EXERCISE BRIEF: Although the records include pictures, print only the rest, exactly as written.

Stored records

>>>>

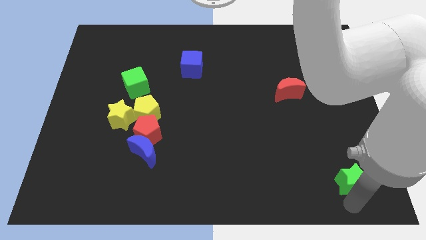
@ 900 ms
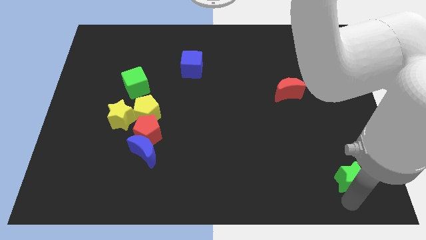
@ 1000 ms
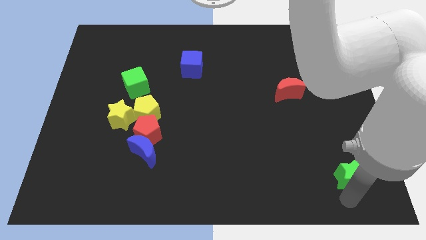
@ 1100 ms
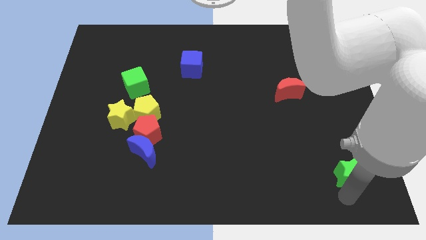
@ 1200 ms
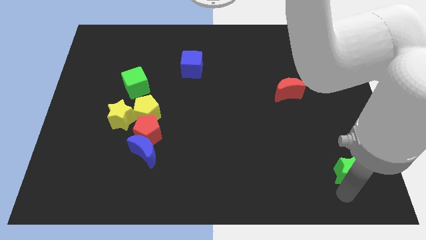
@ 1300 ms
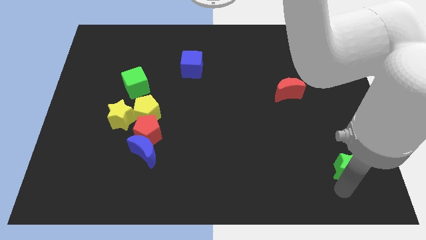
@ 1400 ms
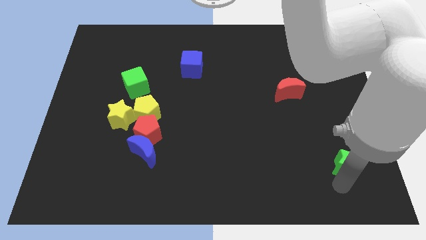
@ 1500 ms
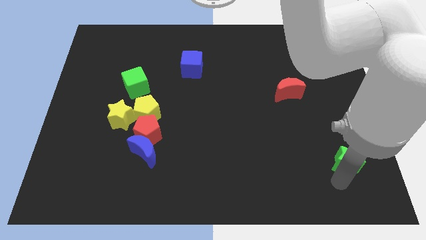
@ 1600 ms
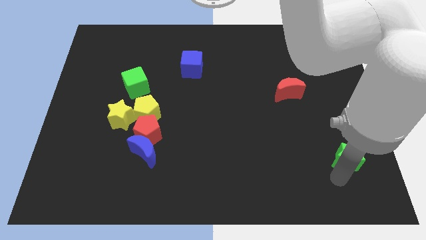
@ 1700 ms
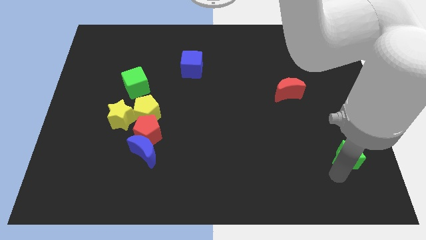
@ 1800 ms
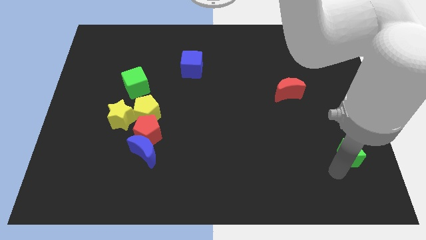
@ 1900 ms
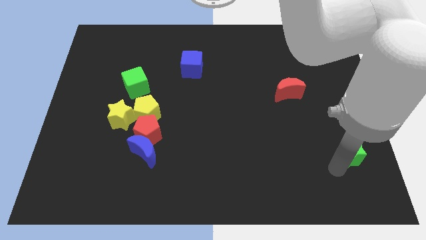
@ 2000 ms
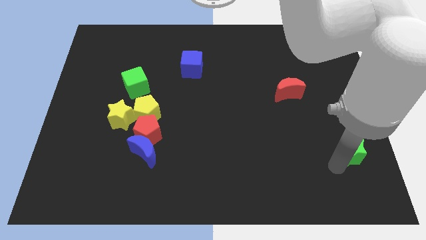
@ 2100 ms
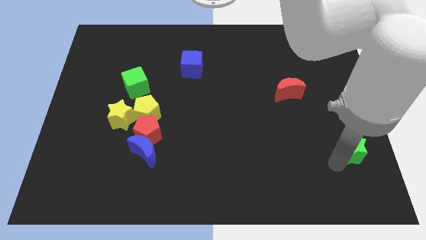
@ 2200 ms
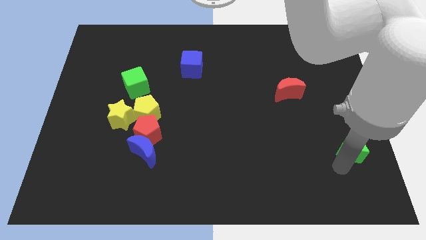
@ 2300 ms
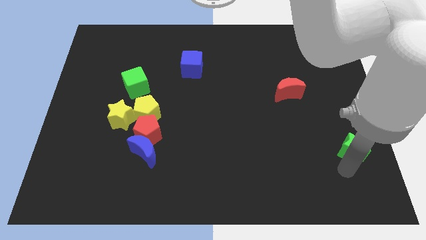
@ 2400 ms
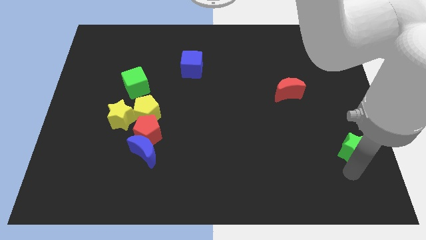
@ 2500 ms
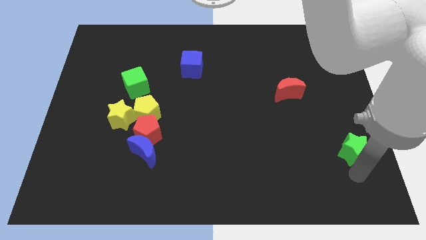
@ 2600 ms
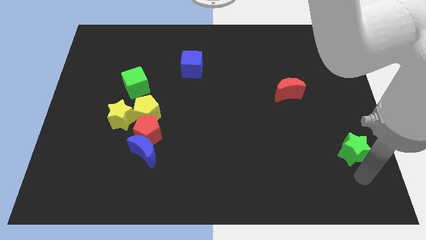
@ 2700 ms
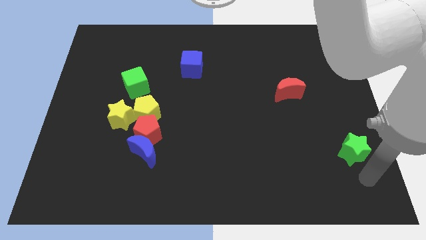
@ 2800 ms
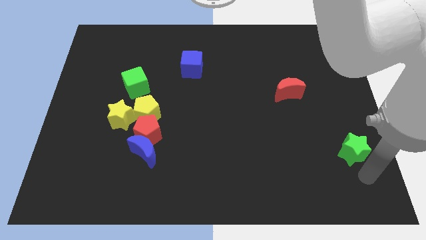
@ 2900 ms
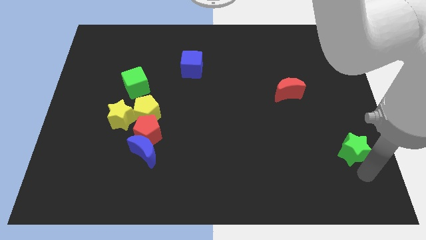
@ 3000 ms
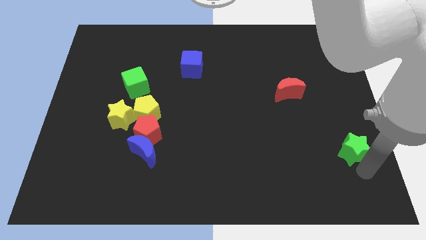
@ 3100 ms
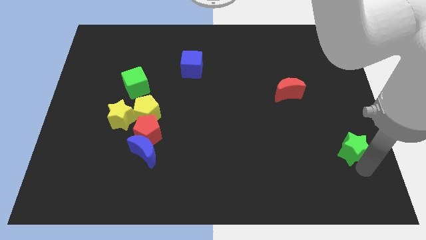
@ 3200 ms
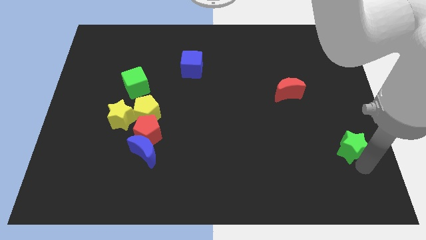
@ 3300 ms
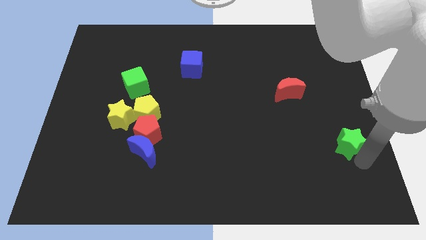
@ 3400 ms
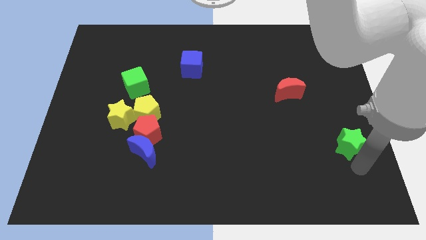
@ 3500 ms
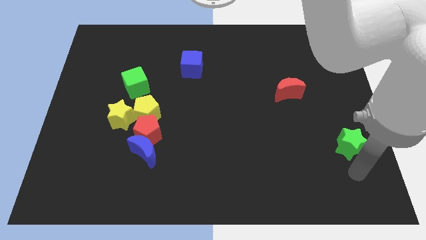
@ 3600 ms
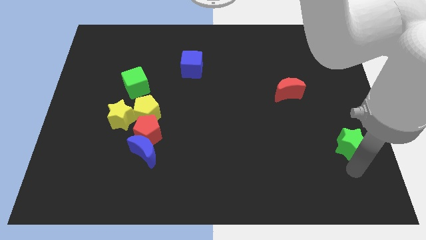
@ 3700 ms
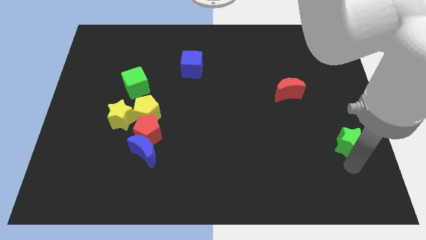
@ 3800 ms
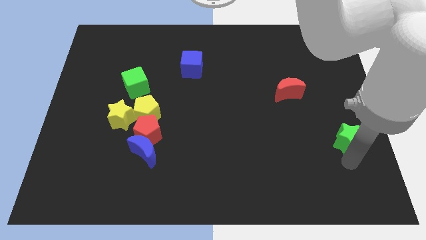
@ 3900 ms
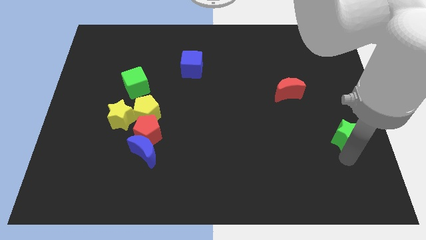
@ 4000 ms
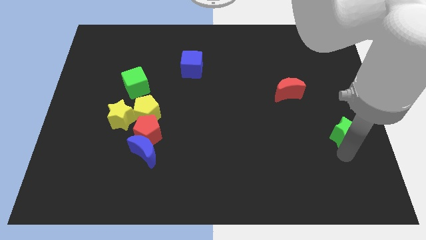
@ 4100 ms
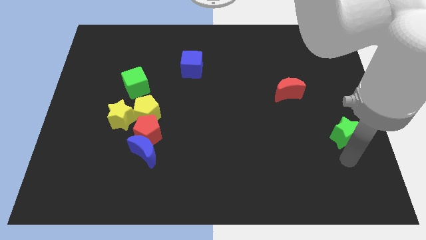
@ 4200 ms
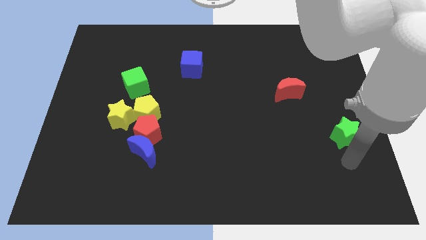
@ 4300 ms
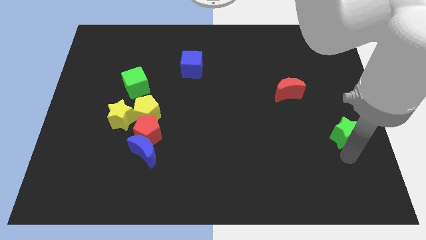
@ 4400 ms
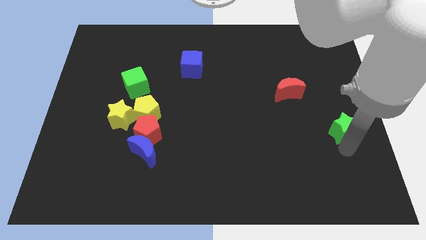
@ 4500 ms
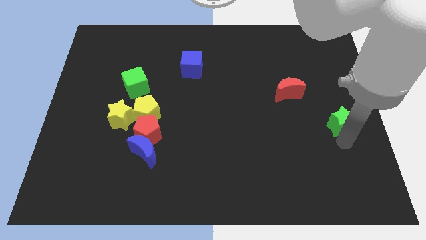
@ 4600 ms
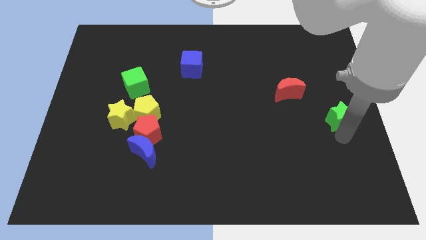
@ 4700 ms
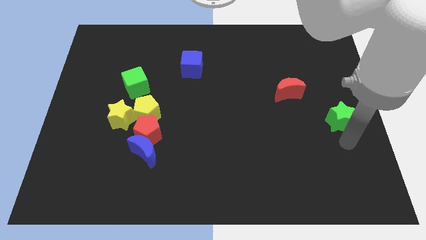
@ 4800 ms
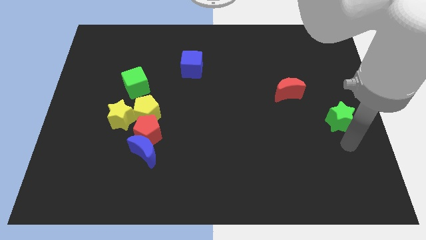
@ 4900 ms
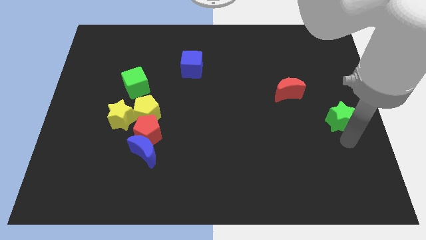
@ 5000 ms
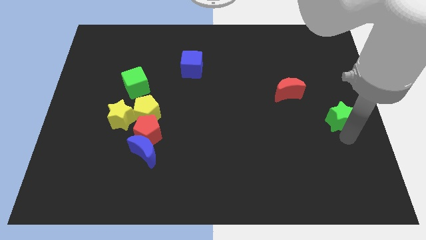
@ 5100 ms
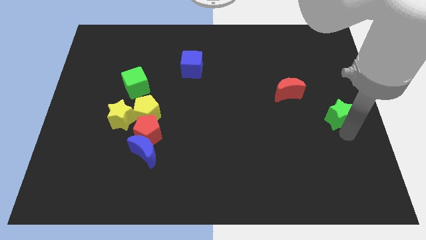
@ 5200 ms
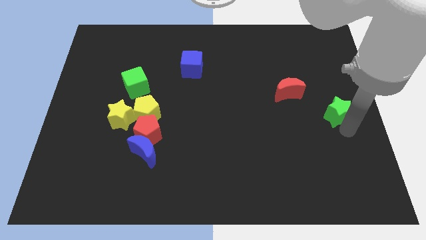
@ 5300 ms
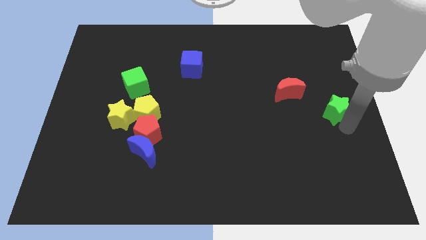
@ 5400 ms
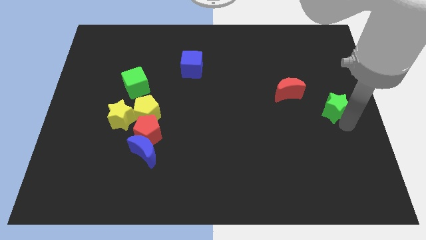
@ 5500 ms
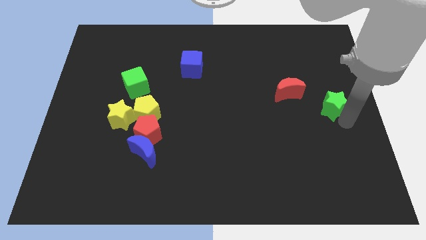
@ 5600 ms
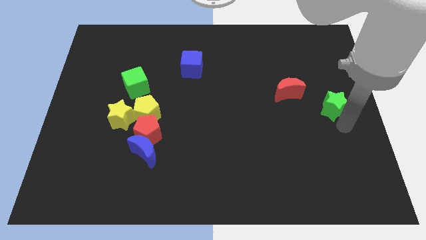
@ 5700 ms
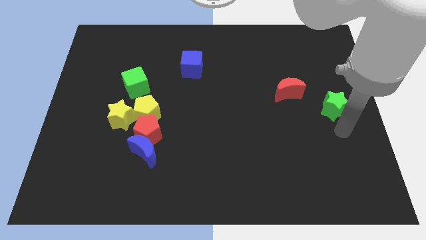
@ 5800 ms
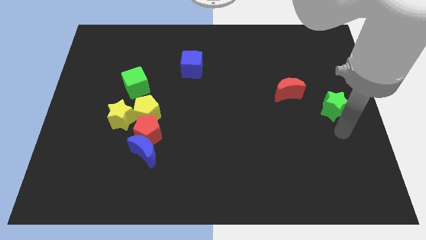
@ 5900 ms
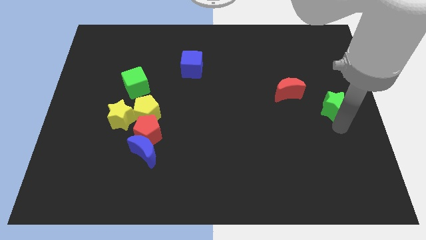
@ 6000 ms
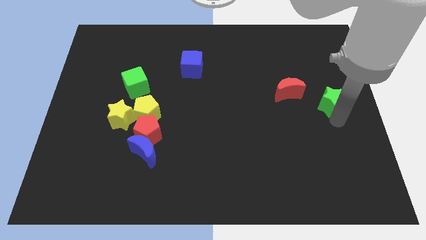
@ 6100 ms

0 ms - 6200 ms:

<<<<

RESPONSE:
@ 900 ms
@ 1000 ms
@ 1100 ms
@ 1200 ms
@ 1300 ms
@ 1400 ms
@ 1500 ms
@ 1600 ms
@ 1700 ms
@ 1800 ms
@ 1900 ms
@ 2000 ms
@ 2100 ms
@ 2200 ms
@ 2300 ms
@ 2400 ms
@ 2500 ms
@ 2600 ms
@ 2700 ms
@ 2800 ms
@ 2900 ms
@ 3000 ms
@ 3100 ms
@ 3200 ms
@ 3300 ms
@ 3400 ms
@ 3500 ms
@ 3600 ms
@ 3700 ms
@ 3800 ms
@ 3900 ms
@ 4000 ms
@ 4100 ms
@ 4200 ms
@ 4300 ms
@ 4400 ms
@ 4500 ms
@ 4600 ms
@ 4700 ms
@ 4800 ms
@ 4900 ms
@ 5000 ms
@ 5100 ms
@ 5200 ms
@ 5300 ms
@ 5400 ms
@ 5500 ms
@ 5600 ms
@ 5700 ms
@ 5800 ms
@ 5900 ms
@ 6000 ms
@ 6100 ms

0 ms - 6200 ms:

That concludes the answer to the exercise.